#### What is required
Run through the records and show each line that includes the string "file".

#### Provided records
━━━━━━━━━━
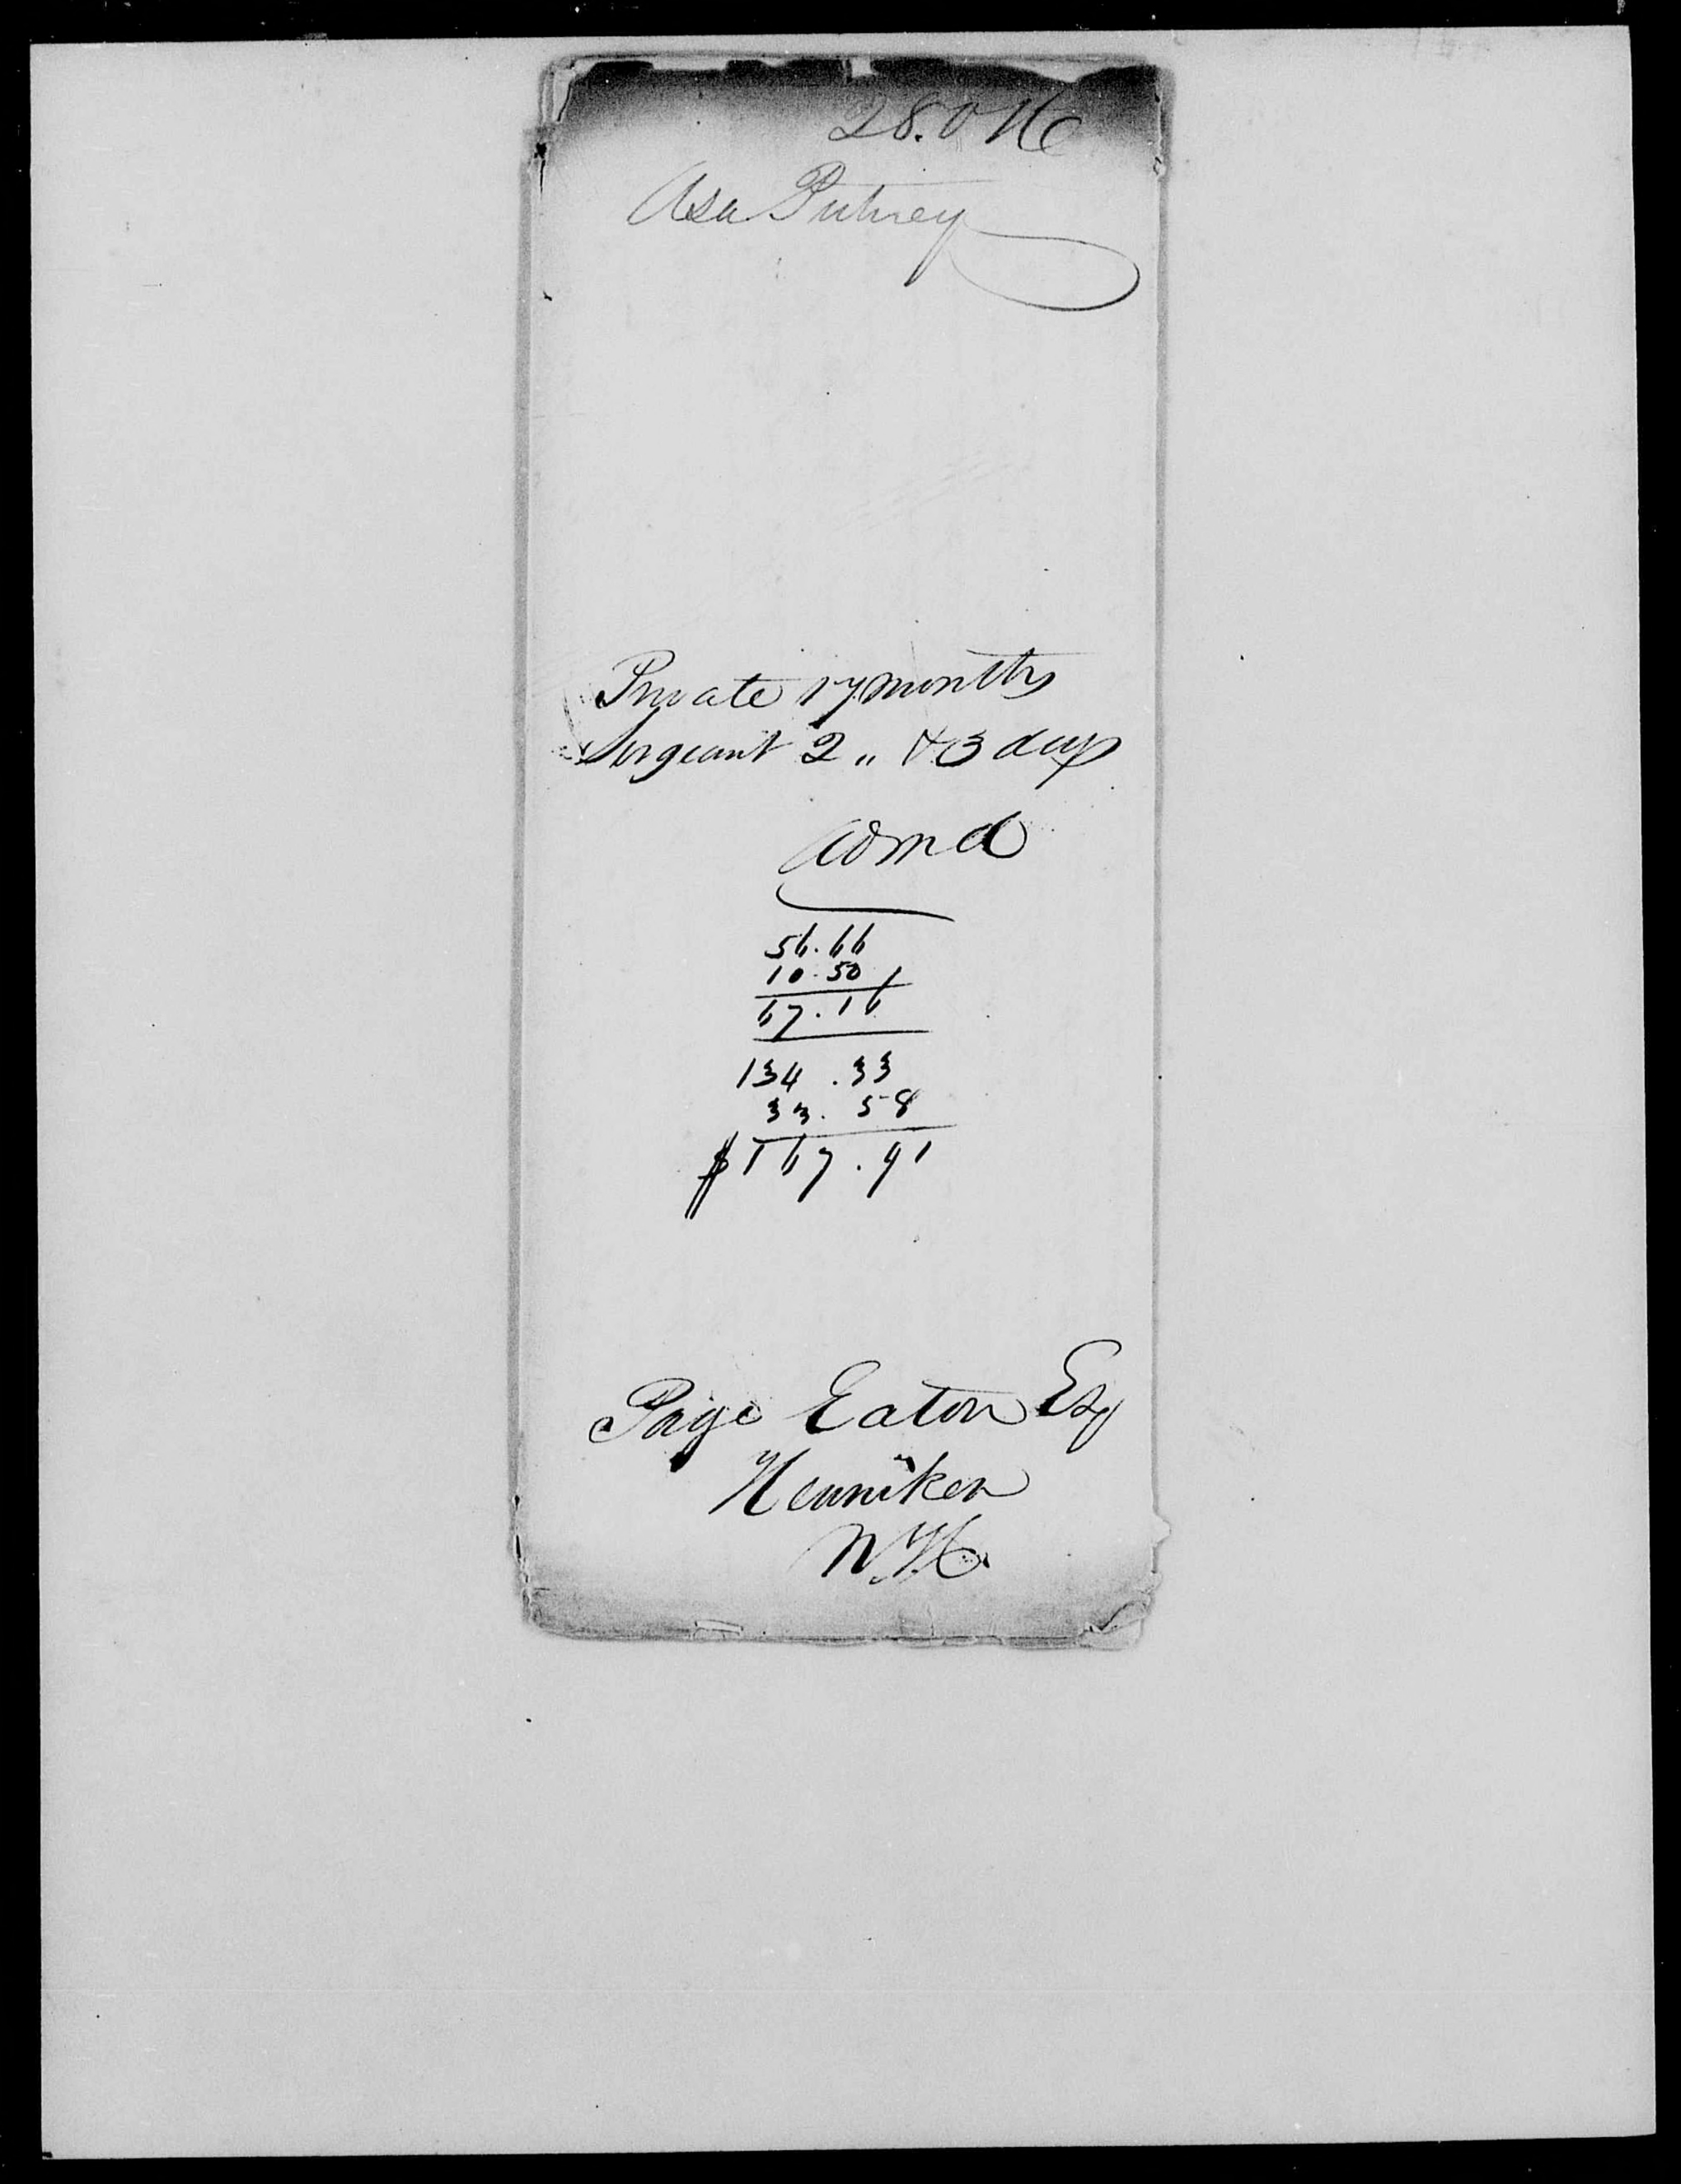28.016

Asa Putney

Private 17 months
Sergeant 2   "  & 3 days

Adm'd

56.66
10.50
_______
67.16
_______
134.33
  33.58
________
$ 167.91

Page Eaton Esq
Henniker
N.H.

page: 5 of 14
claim: survivor's
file: S. 22943, for Asa Putney, New Hampshire
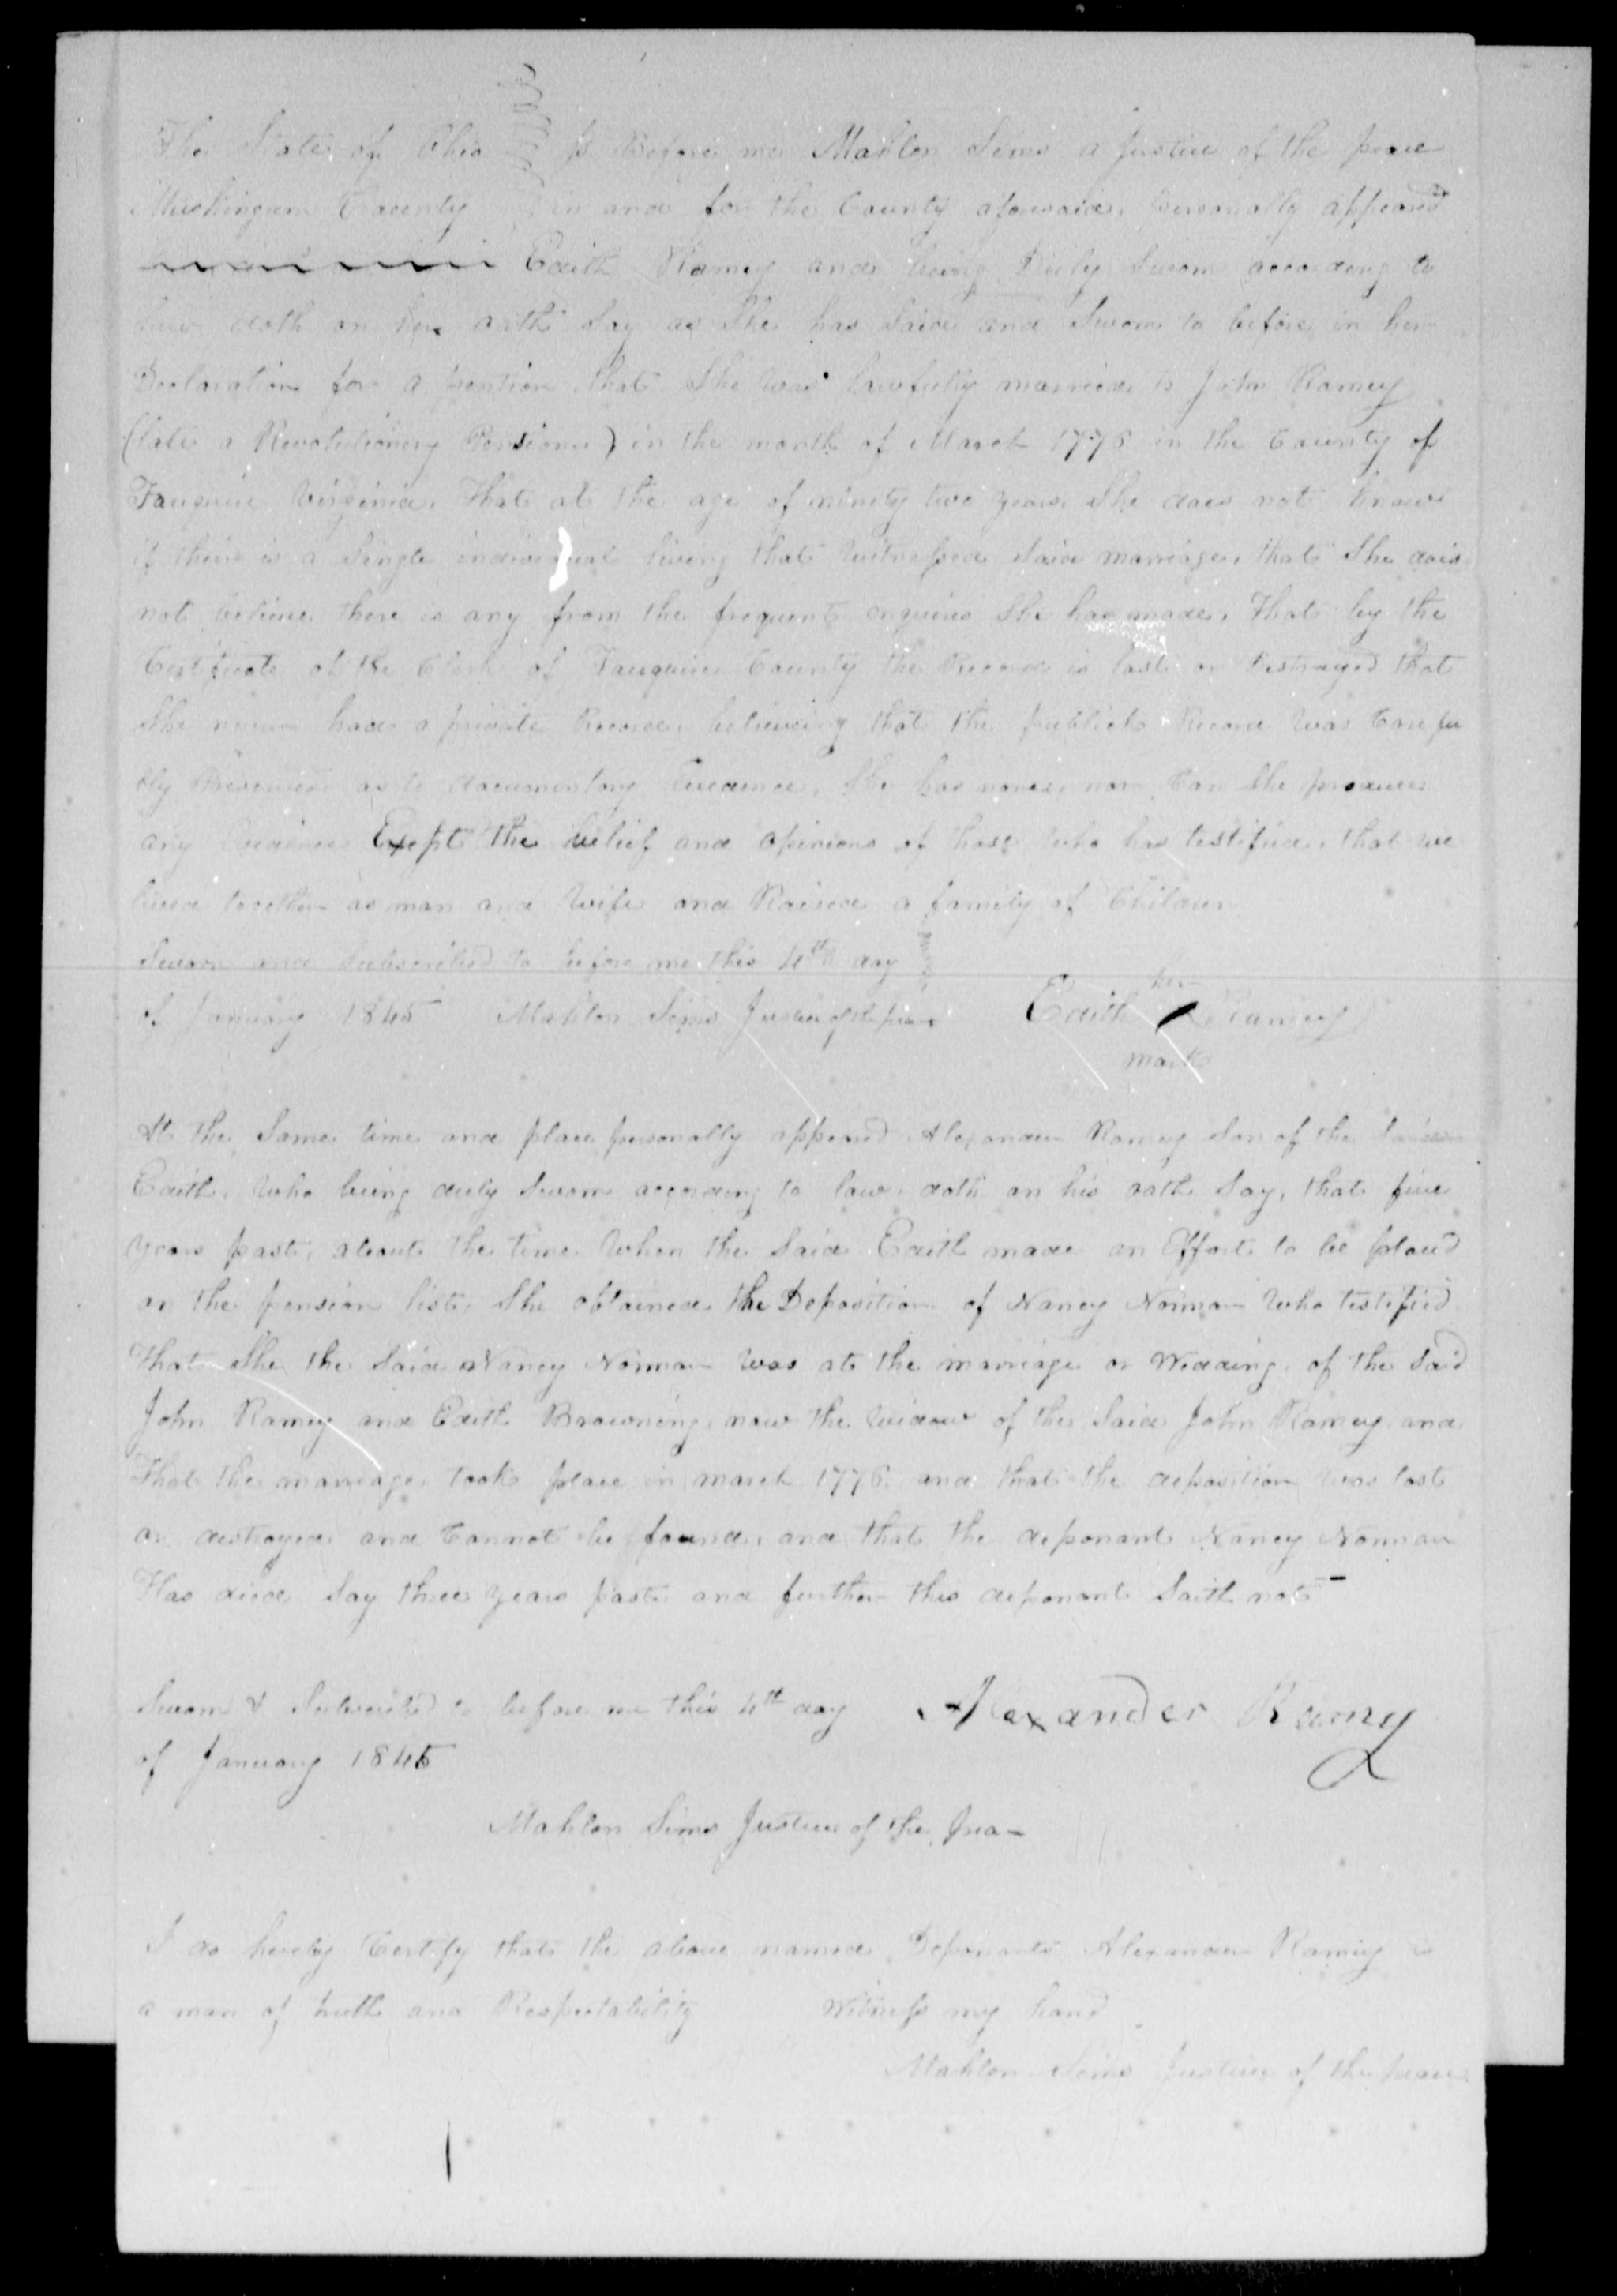The State of Ohio SS. Before me Mahlon Sims a
Muskingum County Justice of the Peace in and for the County aforesaid, personally appeared Edith Ramey and being Duly Sworn, according to Law doth on her oath Say as She has Said and Sworn to before, in her Declaration for a pention, that She was lawfully married to John Ramey (late a Revolutionary Pensioner) in the month of March 1776 in the County of Fauquier Virginia, That at the age of ninety two years, She does not know if there is a Single individual living that Witnessed Said marriage, that She does not believe there is any from the frequent enquiries She has made, That by the Certificate of the Clerk of Fauquier County the Records is lost or destroyed that She never had a private Record, believing that the publick Record was carefully Preserved as to documentary Evidence, She has never, nor can she procure any Evidence Except the belief and opinions of those who has testified, that we lived together as man and wife and Raised a family of Children
Sworn and Subscribed to before me this 4th day of January 1845 Mahlon Sims Justice of the Peace Edith Ramey x her mark

At the same time and place personally appeared Alexander Ramey Son of the said Edith, who being duly Sworn according to law, doth on his oath Say, that five years past, about the time when the said Edith made an Effort to be placed on the pension list, She obtained the Deposition of Nancy Norman who testified That She the Said Nancy Norman was at the marriage or Wedding of the said John Ramey and Edith Browning now the Evidence of the said John Ramey and That the marriage took place in March 1776 and hat the deposition was lost or destroyed and cannot be found, and that the deponent Nancy Norman Has died Say three years past and further the deponent Saith not
Sworn & Subscribed to before me this 4th day of January 1845 Alexander Ramey
Mahlon Sims Justice of the Peace

I do hereby Certify that the above named Deponent Alexander Ramey is a man of truth and Respectability Witness my hand
Mahlon Sims Justice of the Peace

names: Nancy Norman; John Ramey; Edith [BLANK]; Mahlon Sims; Alexander Ramy; John Ramey; Nancy Norman; John Ramey; Edith Ramey; Edith Browning; Mahlon Sims; Mahlon Sims; Alexander Ramey; Alexander Ramey; Mahlon Sims; Nancy Norman; Edith Ramey
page: 78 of 84
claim: widow's
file: W.11104, for John Remay, Virginia
━━━━━━━━━━
#### Solution to this task
file: S. 22943, for Asa Putney, New Hampshire
file: W.11104, for John Remay, Virginia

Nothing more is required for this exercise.